I have opened a ticket with support for this, but thought I would post up here for discussion…
Sense has successfully detected my coffee maker, and my espresso maker (2 devices). In the last few days, Sense is now reporting another device which it is also calling ‘Coffee Maker’ This device is reported as ‘On’ when I am definitely not making coffee (or espresso). I went as far as unplugging the 2 correctly identified devices and the rogue ‘Coffee Maker’ still shows ‘On’. This new device fluctuates between 1W and 30W at a fairly frequent and regular cadence.
Anyone have any thoughts on what this device may be? Or what my next steps are?
This device might just have a signature that looks like a typical coffee maker. I have a phantom fridge I am working on finding.
If you see it on, can you go to your panel and one by one turn off breakers. This sucks for digital alarm clocks, but it might help you narrow down what this actually is.

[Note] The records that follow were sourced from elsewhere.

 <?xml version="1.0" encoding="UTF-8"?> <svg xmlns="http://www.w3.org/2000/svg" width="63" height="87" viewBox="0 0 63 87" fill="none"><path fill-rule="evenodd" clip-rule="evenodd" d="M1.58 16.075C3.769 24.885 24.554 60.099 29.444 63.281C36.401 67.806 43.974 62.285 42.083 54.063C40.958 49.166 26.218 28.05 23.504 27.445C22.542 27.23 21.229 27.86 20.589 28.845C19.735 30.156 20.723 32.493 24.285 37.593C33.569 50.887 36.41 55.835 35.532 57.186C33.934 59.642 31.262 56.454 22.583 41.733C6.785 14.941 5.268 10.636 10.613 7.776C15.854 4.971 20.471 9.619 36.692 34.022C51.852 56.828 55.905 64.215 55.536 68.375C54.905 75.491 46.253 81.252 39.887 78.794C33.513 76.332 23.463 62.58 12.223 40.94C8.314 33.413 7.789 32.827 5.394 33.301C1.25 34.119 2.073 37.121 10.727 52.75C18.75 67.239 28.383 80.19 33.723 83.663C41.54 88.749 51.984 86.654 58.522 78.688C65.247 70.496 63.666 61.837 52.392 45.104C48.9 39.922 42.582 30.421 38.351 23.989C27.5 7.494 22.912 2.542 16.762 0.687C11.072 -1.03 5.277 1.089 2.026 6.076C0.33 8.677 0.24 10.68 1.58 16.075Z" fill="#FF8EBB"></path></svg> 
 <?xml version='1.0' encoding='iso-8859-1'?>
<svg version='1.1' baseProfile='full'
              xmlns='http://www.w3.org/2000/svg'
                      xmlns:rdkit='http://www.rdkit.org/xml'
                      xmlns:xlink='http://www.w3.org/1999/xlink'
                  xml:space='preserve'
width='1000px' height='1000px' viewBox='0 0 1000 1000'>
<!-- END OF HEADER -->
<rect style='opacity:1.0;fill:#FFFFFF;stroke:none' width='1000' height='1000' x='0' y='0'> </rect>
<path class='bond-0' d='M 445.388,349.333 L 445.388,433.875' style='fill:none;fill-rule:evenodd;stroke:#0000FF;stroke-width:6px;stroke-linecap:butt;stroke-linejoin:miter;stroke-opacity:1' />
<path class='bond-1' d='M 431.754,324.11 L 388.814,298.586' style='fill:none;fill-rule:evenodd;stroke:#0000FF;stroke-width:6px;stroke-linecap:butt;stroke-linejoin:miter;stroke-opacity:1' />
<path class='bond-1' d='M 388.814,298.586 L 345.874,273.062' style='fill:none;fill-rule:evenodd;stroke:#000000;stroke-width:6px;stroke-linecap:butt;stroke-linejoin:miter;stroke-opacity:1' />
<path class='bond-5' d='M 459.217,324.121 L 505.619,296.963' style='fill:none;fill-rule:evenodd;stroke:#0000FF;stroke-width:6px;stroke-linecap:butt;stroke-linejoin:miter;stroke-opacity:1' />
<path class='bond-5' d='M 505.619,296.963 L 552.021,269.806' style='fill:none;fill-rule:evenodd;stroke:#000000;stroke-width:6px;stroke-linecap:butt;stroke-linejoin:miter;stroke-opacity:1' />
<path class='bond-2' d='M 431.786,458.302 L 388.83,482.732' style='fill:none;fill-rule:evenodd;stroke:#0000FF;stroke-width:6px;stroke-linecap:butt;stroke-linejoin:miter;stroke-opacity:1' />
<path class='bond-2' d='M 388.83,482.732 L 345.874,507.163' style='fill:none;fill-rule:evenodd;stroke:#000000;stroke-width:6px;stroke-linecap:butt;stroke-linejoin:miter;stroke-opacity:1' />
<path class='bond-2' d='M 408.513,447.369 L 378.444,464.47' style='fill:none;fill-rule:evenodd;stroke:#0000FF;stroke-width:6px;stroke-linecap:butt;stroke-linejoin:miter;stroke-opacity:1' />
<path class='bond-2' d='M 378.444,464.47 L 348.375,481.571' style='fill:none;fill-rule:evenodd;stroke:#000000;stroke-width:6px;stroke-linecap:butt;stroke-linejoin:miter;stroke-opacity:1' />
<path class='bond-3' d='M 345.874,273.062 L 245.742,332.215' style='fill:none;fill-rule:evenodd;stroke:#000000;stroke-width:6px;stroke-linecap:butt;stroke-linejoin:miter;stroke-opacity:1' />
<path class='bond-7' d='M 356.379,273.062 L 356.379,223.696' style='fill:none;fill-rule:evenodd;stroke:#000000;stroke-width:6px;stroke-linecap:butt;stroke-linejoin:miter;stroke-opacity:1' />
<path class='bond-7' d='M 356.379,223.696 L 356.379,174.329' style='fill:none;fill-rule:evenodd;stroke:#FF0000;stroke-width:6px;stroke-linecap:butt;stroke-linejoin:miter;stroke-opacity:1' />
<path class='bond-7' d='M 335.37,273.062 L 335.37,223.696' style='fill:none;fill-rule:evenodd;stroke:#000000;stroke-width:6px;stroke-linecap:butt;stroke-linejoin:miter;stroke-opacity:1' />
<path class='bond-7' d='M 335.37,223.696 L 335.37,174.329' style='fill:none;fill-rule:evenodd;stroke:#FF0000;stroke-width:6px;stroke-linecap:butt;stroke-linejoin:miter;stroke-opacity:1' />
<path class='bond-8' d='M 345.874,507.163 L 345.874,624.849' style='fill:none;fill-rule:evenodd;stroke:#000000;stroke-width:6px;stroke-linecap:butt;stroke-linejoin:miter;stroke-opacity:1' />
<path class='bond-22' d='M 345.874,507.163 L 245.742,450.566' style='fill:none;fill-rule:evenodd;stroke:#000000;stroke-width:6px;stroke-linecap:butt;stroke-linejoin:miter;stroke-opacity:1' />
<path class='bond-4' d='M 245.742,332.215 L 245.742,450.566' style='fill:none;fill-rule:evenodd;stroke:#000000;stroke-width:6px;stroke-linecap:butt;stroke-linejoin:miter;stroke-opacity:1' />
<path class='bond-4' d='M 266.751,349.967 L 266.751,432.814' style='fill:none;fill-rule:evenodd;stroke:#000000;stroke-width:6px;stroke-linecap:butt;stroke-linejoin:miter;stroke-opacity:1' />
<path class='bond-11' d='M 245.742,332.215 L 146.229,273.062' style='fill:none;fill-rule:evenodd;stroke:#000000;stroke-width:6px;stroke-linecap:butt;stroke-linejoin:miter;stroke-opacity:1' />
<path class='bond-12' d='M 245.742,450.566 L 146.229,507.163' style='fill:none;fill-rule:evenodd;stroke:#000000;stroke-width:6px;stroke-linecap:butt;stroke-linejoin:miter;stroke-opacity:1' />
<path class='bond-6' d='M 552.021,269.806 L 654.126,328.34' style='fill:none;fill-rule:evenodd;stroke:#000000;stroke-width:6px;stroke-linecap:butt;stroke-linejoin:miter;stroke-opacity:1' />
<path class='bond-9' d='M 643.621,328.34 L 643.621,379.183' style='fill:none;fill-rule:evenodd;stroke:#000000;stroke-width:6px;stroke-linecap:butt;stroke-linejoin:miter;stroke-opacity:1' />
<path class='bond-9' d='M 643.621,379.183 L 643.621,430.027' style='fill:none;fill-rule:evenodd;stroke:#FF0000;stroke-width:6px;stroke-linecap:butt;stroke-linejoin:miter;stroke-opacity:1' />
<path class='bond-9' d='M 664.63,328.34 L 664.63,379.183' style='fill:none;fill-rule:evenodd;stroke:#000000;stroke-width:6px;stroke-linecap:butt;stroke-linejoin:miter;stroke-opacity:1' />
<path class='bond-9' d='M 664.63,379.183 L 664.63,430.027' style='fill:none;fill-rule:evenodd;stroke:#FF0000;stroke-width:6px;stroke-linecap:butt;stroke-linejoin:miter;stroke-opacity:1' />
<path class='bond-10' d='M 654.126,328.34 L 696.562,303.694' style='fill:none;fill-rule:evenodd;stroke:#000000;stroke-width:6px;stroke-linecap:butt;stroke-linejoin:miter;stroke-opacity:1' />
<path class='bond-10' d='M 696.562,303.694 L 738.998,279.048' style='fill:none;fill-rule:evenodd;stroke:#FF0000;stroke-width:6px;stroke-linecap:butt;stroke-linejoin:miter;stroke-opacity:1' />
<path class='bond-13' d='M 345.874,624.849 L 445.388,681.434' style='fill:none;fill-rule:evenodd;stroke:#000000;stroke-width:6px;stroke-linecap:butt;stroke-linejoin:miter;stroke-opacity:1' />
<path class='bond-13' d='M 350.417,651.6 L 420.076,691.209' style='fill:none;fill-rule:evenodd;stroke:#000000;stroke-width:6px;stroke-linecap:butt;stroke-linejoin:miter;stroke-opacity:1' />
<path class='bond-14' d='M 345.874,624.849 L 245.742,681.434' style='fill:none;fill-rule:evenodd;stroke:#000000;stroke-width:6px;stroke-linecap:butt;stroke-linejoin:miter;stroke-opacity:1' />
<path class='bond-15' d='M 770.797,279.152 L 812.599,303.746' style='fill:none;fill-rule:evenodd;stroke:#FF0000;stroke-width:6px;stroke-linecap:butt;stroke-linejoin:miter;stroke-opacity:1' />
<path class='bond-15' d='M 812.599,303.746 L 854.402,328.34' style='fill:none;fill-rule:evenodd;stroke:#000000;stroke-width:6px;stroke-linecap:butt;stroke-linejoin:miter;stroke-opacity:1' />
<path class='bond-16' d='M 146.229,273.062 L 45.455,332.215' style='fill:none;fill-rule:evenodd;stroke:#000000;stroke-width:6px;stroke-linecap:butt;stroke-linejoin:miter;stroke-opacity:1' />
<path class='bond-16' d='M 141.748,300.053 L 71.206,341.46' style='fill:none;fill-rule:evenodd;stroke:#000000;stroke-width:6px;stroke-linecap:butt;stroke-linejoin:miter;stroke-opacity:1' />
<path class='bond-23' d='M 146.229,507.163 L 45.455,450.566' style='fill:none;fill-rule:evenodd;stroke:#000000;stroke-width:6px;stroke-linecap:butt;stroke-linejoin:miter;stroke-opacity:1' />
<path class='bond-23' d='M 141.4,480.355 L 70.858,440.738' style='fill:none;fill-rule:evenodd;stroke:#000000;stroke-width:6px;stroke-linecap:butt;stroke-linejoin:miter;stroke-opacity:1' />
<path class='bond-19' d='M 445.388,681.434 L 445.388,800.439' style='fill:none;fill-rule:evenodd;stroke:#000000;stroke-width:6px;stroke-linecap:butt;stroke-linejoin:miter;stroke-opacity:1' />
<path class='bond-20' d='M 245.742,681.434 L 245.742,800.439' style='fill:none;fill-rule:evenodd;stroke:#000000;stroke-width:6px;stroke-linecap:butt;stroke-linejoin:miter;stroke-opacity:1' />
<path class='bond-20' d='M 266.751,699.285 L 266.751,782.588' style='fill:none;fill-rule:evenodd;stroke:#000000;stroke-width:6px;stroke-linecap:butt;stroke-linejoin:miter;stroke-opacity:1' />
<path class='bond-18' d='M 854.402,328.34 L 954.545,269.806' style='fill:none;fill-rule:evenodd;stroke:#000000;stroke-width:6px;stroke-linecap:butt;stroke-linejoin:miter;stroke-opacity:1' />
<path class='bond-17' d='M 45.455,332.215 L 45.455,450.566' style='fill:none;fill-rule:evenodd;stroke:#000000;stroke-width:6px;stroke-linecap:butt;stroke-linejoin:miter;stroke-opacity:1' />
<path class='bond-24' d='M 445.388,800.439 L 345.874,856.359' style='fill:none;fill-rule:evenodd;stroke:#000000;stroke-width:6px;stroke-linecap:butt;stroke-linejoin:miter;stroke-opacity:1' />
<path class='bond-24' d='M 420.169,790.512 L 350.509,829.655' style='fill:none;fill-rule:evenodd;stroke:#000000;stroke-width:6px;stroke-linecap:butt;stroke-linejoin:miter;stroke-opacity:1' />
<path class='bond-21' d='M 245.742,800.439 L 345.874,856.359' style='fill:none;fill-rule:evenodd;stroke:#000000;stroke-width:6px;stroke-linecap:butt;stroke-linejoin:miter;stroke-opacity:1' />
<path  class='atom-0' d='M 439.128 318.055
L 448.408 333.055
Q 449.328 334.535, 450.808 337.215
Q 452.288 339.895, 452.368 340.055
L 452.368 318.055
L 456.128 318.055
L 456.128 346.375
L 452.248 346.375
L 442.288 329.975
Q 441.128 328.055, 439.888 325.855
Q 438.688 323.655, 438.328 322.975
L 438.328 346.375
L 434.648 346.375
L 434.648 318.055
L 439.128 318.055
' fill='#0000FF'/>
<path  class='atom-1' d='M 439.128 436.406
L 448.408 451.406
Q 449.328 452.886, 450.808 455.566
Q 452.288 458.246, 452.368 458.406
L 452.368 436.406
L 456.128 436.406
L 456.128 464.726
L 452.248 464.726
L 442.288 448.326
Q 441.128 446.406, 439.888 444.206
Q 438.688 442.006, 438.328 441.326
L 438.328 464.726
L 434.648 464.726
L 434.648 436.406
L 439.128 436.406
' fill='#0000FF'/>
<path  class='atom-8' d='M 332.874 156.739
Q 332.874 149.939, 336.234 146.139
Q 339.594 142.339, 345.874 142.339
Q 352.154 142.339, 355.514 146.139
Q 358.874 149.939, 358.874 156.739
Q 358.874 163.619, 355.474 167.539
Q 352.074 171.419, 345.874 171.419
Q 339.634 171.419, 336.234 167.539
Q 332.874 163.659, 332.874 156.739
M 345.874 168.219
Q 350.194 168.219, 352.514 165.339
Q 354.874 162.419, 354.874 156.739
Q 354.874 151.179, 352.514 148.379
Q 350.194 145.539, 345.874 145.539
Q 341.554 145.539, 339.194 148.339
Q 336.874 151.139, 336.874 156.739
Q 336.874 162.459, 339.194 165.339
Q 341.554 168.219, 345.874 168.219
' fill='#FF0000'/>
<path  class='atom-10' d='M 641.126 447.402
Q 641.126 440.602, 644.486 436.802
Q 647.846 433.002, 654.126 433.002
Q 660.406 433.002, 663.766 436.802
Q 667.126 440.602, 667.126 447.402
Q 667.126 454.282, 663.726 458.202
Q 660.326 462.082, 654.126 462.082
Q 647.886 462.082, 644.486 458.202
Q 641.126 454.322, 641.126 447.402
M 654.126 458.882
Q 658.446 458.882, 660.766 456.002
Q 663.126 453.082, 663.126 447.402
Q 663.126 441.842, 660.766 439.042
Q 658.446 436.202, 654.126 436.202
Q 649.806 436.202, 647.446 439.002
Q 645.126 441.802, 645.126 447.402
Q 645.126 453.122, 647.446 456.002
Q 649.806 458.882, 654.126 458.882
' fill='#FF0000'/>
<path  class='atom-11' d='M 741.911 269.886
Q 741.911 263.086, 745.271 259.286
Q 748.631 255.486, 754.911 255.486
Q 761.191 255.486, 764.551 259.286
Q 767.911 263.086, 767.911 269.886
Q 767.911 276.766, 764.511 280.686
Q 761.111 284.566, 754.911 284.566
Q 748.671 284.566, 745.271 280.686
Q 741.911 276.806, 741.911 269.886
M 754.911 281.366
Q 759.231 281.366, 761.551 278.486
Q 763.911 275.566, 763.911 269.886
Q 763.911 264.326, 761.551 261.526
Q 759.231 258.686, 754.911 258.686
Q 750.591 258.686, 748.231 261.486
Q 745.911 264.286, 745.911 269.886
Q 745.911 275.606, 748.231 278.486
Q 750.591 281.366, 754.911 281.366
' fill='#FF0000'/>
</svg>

OK…so if I do succeed in finding it, how do I proceed? Do I have to ‘forget’ the coffee maker and let it be re-detected (Sense thinks this is the same coffee maker as the real coffee maker)?
Nope, rename it or pick another description. Put in as much info as you can to help the database get built for the next person that finds something similar. If you find this is a sub-component of something else, you can merge it with that device to keep things together.
I’m still confused - if I rename it, haven’t i renamed the real coffee maker? To recap, some weeks ago my real coffee maker was detected. In the app I added info (Make, Model, location). Now another device is being erroneously detected as the same coffee maker; but I know for a fact that it is a different device (how do I know? I unplugged the real coffee maker yesterday evening, but Sense has reported this unplugged device on for last 4h 59m). So, I need to rename the new device (to ‘unknown’, perhaps?) and let the real coffee maker be re-detected? Ir do I just keep reporting it as not on? Or do I sit back and wait and see if Sense can untangle itself? Or…
I get ya now. When you make coffee does this same device also appear as on? If so, the real coffee maker and the other device are both triggering the same profile. Am I on the same page now?
@RyanAtSense
Would this be a case to delete the device and have Sense re-discover them? It would seem that these two different items are both triggering On the same profile.
I would say yes, might be wise to just delete them. That said, a few days isn’t a very long time. If it was me, I’d let it do it’s thing for another week or so and if it’s still conflating them, then I’d delete.
The plot thickens…I just fired up the real coffee maker and it impacted the ‘Other’ bubble, and not the coffee maker bubble. Now, I can see from the timeline - and it fits my memory - that the last time I used the coffee maker was June 26th when it was correctly identified. So between 6/26 and 7/7 Sense forgot that coffee maker and substituted in something else.
(And for those of you following along at home, I didn’t take 2 week break from coffee…I had espresso instead of filter coffee .)
So, I guess I will see if I can hunt down what the new device is (and hope the real coffee maker is re-detected).
With only 6 (now 5) devices detected I don’t really want to delete stuff.
You are waaaay too early in the game to worry. I love the Sense monitor, the documentation, the learning process, etc. The one thing that is misunderstood is how long it takes for devices to work themselves out. Give it some weeks on these two devices and expect a couple of months before you see 30+. It is really a cool device. It just take a little time to configure.
So I understand - can I expect Sense to eventually decide that a device is something other than what it is initially identified as? For example after more learning could Sense say “oh that’s actually a fridge compressor, not a coffee maker”. Or are labels ‘locked’?
Labels are locked at the moment. We see this as negative and it’s something we’re working on revamping (currently…we were just talking about this earlier today). The challenge is giving you the option to intervene so the algorithm doesn’t just undo all the naming/labeling work that you’ve done in the meantime.